With his distinct, attentive voice, or, as he states in his poem “The Turkish Coffee Lady,” his “face that opens easily, like a flower, like a boy calling after / a skinned knee in so many languages, mouth warm and worn with Mother,” there is no thing that Atefat-Peckham cannot inhabit—the crow, the innumerable “shade[s] of mother[s],” the deep-sea diver, “mystic / astronaut pondering / pestle of chin / in [their] palm—stars / plunking against the hollow / of [their] helmet.” This shapeshifting that Atefat-Peckham undergoes is a vehicle of empathy, but there is also great power that exists within it. To see the “unty[ing] of bodies from [themselves]” as a kindness, to transform pain and suffering into a kindness, is to hold great strength. 

This strength is evident in the muscularity of Atefat-Peckham’s lines, the palpable restraint in where they are broken and folded into one another: “All that, / just so the secret body / could die in the strong maw / of her husband’s boyhood / dog.” Reading these lines and the silences that occupy the space between them, questions of fragility and mortality bubble to the surface. How fragile is this life? What does it mean for a body to die in the maw of boyhood? In Book of Kin, the theme of boyhood is an animal crouched in the folds of language.

When one version of the self dies, it is mourned, and another is reborn. Atefat-Peckham’s poems act as both mourning rituals and hymns. There is a spiritual sense I feel as I flip through the pages of Book of Kin.
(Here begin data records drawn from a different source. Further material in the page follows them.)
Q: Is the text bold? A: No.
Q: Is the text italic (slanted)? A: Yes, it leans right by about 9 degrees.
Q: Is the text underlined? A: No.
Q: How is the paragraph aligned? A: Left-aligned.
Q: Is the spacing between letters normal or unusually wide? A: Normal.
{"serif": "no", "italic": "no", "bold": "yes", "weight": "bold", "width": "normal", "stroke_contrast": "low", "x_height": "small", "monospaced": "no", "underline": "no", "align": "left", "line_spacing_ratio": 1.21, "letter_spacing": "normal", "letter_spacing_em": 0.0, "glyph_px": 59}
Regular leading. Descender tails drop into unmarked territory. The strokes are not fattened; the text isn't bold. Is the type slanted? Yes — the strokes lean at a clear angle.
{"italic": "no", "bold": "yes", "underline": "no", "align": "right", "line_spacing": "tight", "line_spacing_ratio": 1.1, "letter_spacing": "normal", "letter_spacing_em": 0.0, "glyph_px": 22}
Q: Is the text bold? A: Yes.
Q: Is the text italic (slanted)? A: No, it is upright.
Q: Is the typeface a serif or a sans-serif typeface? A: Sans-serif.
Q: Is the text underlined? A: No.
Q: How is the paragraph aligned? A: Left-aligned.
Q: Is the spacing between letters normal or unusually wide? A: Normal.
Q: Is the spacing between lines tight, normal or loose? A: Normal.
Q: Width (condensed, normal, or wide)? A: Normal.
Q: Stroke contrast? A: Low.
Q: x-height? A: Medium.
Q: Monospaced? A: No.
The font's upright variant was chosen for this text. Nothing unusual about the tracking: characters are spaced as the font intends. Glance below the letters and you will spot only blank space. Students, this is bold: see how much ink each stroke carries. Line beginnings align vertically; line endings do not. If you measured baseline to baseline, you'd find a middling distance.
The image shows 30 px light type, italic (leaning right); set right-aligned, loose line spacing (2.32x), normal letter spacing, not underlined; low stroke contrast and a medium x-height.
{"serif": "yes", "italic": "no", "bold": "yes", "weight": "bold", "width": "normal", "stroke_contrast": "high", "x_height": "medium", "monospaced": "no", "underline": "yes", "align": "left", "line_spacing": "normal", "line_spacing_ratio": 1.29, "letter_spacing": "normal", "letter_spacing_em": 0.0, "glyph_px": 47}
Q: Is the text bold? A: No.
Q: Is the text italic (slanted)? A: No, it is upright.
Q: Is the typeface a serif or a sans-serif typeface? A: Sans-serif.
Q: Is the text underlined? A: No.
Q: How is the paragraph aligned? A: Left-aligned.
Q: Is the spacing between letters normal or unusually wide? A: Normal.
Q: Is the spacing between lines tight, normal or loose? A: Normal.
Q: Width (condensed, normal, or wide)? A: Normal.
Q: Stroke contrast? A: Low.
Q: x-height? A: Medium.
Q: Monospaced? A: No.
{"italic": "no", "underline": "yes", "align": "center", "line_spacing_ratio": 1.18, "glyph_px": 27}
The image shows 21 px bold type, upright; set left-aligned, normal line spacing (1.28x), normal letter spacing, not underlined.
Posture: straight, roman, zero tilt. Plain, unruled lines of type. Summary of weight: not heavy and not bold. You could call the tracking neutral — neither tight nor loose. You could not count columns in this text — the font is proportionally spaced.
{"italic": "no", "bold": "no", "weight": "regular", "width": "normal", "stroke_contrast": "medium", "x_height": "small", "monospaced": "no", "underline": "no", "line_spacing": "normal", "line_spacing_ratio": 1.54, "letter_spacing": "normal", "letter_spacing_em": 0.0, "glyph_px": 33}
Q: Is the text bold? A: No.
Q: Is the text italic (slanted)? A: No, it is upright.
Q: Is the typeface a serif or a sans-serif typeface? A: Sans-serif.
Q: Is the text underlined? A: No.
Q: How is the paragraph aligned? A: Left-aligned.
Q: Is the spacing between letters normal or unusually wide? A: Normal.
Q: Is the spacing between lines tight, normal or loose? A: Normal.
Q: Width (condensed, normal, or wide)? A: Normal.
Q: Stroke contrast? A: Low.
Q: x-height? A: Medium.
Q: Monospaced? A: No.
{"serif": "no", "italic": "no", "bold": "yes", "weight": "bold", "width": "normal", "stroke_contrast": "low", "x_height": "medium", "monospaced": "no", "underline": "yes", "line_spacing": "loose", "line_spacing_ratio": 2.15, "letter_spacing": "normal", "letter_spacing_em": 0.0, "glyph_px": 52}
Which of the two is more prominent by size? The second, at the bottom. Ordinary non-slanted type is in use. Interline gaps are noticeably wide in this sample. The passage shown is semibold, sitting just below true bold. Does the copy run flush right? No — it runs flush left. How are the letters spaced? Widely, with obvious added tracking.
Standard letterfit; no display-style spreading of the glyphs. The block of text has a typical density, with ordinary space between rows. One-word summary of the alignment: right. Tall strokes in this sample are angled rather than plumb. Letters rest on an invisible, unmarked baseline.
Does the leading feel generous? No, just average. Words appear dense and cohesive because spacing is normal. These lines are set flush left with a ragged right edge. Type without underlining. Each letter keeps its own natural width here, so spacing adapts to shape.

Here, the reader does not stand in as an onlooker, but rather, is invited to be an active participant in the intimate and ongoing conversation between the spiritual world and the physical world. What we define as immaterial and what we define as physical is complicated and interrogated. The physical is elevated to the divine. Atefat-Peckham creates a space within his poems for us, as readers, to pray. In his poem “Learning to Pray”—an homage to his Bibi, his grandparents, and all things holy—he states: 

 

I’ve never found them bent to Mecca

or to anything—Bibi, halving fruit, saying 

she doesn’t need some compass to show her 

which direction faces home; my mother 

and brother are every direction and no direction 

at once. She asks me if I understood. You 

understood? And the world slows. And I am 

the old man who often thrusts his furious 

head through the shutter of my face. My chin 

tilts heavy on my chest, my body whirling 

without ever leaving my mat. I listen for it. 

 

Atefat-Peckham is a poet who listens intently to the wingbeats of the sublime. He embodies “the patient stone [who] listens. Absorbs / the sorrows of those who confide in it.” 

Similar to his Bibi, he does not need a compass to show him which direction his beloveds are. Across the poems in Book of Kin, he shows us that our beloveds are everywhere and nowhere at once, and that we can find peace within them, despite the all-encompassing temperament of grief. He teaches us how to wear our loved ones, how to come skin to skin with the celestial.

Athena Nassar

Athena Nassar is an Egyptian-American poet, essayist, and short story writer from Atlanta, Georgia. She is the author of the debut poetry collection Little Houses (Sundress Publications, 2023). She is the winner of the 2021 San Miguel Writers’ Conference Writing Contest and the 2019 Scholastic National Gold Medal Portfolio Award, among other honors. Her work has appeared or is forthcoming in Poetry, The Atlantic, AGNI, Academy of American Poets, The Missouri Review, Southern Humanities Review, Pleiades, The Los Angeles Review, and elsewhere. She is currently an MFA candidate in poetry at Vanderbilt University.